Laine would later re-record the song for other labels on a number of occasions. The first of these was on December 18, 1964 in Hollywood, with orchestra arranged and conducted by Ralph Carmichael. The recording was released on the Capitol album I Believe the following year. A recording made by Laine on February 25, 1970 for Amos Records in Hollywood, with orchestra arranged by Jimmie Haskell, was issued on the album Frankie Laine's Greatest Hits that year. In June 1977, with Pete Moore's Orchestra and Ray Barr on piano, Laine recorded "I Believe" for a fourth label. This version was included on the Polydor album 20 Memories in Gold, an album largely consisting of re-recordings of his earlier hits, which was released in September that year. In May 1980, Laine recorded "I Believe" at a session of his hit re-recordings used by K-Tel. The recordings were backed by an orchestra conducted by Don Jackson with The Worlettes, and released on the 1982 album The Music Of Frankie Laine. "I Believe" was also recorded as part of a different collection of Laine hit remakes in January 1982, again with the Don Jackson Orchestra. This album, The World Of Frankie Laine, was released by Ronco the same year. In all, Laine recorded "I Believe" for six different record companies over a period spanning from 1953 to 1982.

== Contemporary chart performance and recordings ==
In the US, only the versions by Froman and Laine charted, whilst only Laine's charted in the UK. It was commonplace at the time for multiple artists to record versions of a new song, and others were released. In the UK, "I Believe" entered the sheet music sales chart on 11 April 1953, and reached No. 1 on 13 June, its tenth week on chart. It spent a week at the top, and returned on 24 October for another week, with a total of two weeks at No. 1 on the sheet music chart.
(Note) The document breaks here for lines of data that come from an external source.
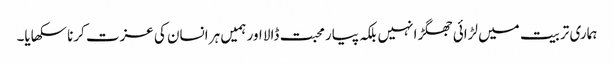
ہماری تربیت میں لڑائی جھگڑا نہیں بلکہ پیار محبت ڈالا اور ہمیں ہر انسان کی عزت کرنا سکھایا۔
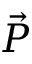
\vec { P }
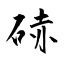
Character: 硳

The Frankie Laine version was the first to be issued in the UK, in February 1953. April saw recordings by Jane Froman, Ronnie Ronalde and David Whitfield. Subsequent releases were of versions by Eve Boswell, Allan Jones, Victor Silvester and his Ballroom Orchestra, and Ethel Smith (organ). The song spent forty weeks on the sheet music sales chart, whilst Laine's recording was on the singles chart for 36 weeks.
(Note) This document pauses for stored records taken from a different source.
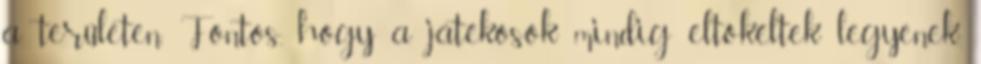
a területen. Fontos, hogy a játékosok mindig eltökéltek legyenek,
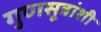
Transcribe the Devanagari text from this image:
गुणसूत्रांशी
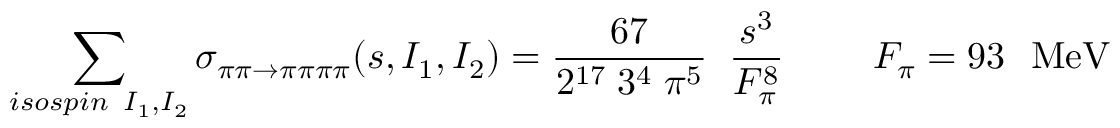
\sum _ { i s o s p i n \; \; I _ { 1 } , I _ { 2 } } \sigma _ { \pi \pi \rightarrow \pi \pi \pi \pi } ( s , I _ { 1 } , I _ { 2 } ) = \frac { 6 7 } { 2 ^ { 1 7 } \; 3 ^ { 4 } \; \pi ^ { 5 } } \; \; \frac { s ^ { 3 } } { F _ { \pi } ^ { 8 } } ~ ~ ~ ~ ~ ~ ~ F _ { \pi } = 9 3 ~ ~ \mathrm { M e V }
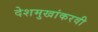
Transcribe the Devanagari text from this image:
देशमुखांकरवी
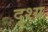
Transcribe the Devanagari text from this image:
दृश्‍य
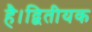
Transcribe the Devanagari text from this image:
है।द्वितीयक
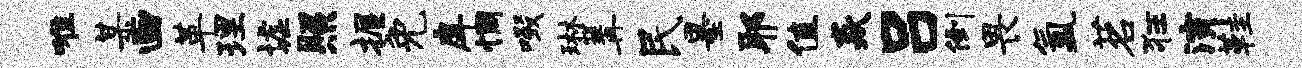
唯某画革理墟照握免戽惆啜琳篝民墨耶值焱吕倒畏氲茗狂演鞋
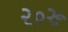
૨૦રૂ
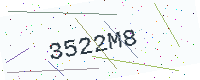
Text: 3522M8
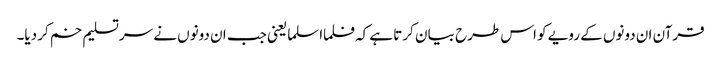
قرآن ان دونوں کے رویے کو اس طرح بیا ن کرتا ہے کہ فلما اسلما یعنی جب ان دونوں نے سرتسلیم خم کر دیا۔
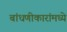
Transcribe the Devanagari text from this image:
बांधणीकारांमध्ये
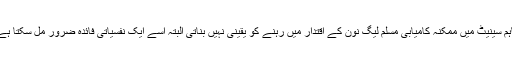
تاہم سینیٹ میں ممکنہ کامیابی مسلم لیگ نون کے اقتدار میں رہنے کو یقینی نہیں بناتی البتہ اسے ایک نفسیاتی فائدہ ضرور مل سکتا ہے۔
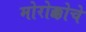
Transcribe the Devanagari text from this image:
मोरोक्कोचे
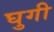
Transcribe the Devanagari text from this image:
घुगी
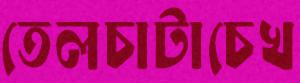
তেলচাটাচেখ
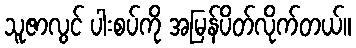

==Other notable recordings==

- 1953: David Whitfield recorded the song in 1953, and again in 1960, peaking at No.49 on the UK Singles Chart

- 1953: Perry Como — I Believe ~ Songs of All Faiths Sung by Perry Como
- 1953: Mahalia Jackson — a single release, later on the album The World's Greatest Gospel Singer (1956)
- 1957: Elvis Presley — on his EP Peace in the Valley (Later on the album Elvis' Christmas Album [1957])
- 1958: Jimmie Rodgers — on the album The Number One Ballads
- 1960: Andy Williams — on his album The Village of St. Bernadette
- 1960: Brook Benton & Dinah Washington — on their album Two of Us
- 1961: Johnnie Ray & Timi Yuro — a single release
- 1964: Pat Boone — The Lord's Prayer (And Other Great Hymns)
- 1964: The Bachelors took the song to the No. 2 spot in the UK; also peaked at No. 33 on the U.S. Hot 100
- 1965: The Earls — on the album Remember Me
- 1966: The Righteous Brothers - on the album Go Ahead and Cry
- 1967: Reparata and the Delrons — 45 RPM single Mala 573
- 1967: Tom Jones — Tom Jones Live! At the Talk of the Town
- 1968: Louis Armstrong — on his album I Will Wait for You
- 1970: Cissy Houston — on her album Presenting Cissy Houston
- 1970: Glen Campbell — for his album Oh Happy Day
- 1981: B. J. Thomas — on his album Amazing Grace
- 1982: Gladys Knight & the Pips — on their album That Special Time of Year
- 1995: Robson & Jerome's version reached number one in the UK
- 1997: Barbra Streisand — in a medley with "You’ll Never Walk Alone" on her album Higher Ground
- 1997: Daniel O'Donnell — I Believe
- 2000: Gary Valenciano on his album Revive
- 2007: Rhydian Roberts on his album Rhydian

==Quodlibet with Ave Maria==
In 1972, Shawnee Music published a new arrangement of "I Believe" that includes a quodlibet with Bach/Gounod, "Ave Maria". This version is frequently performed by choirs at Christmas time.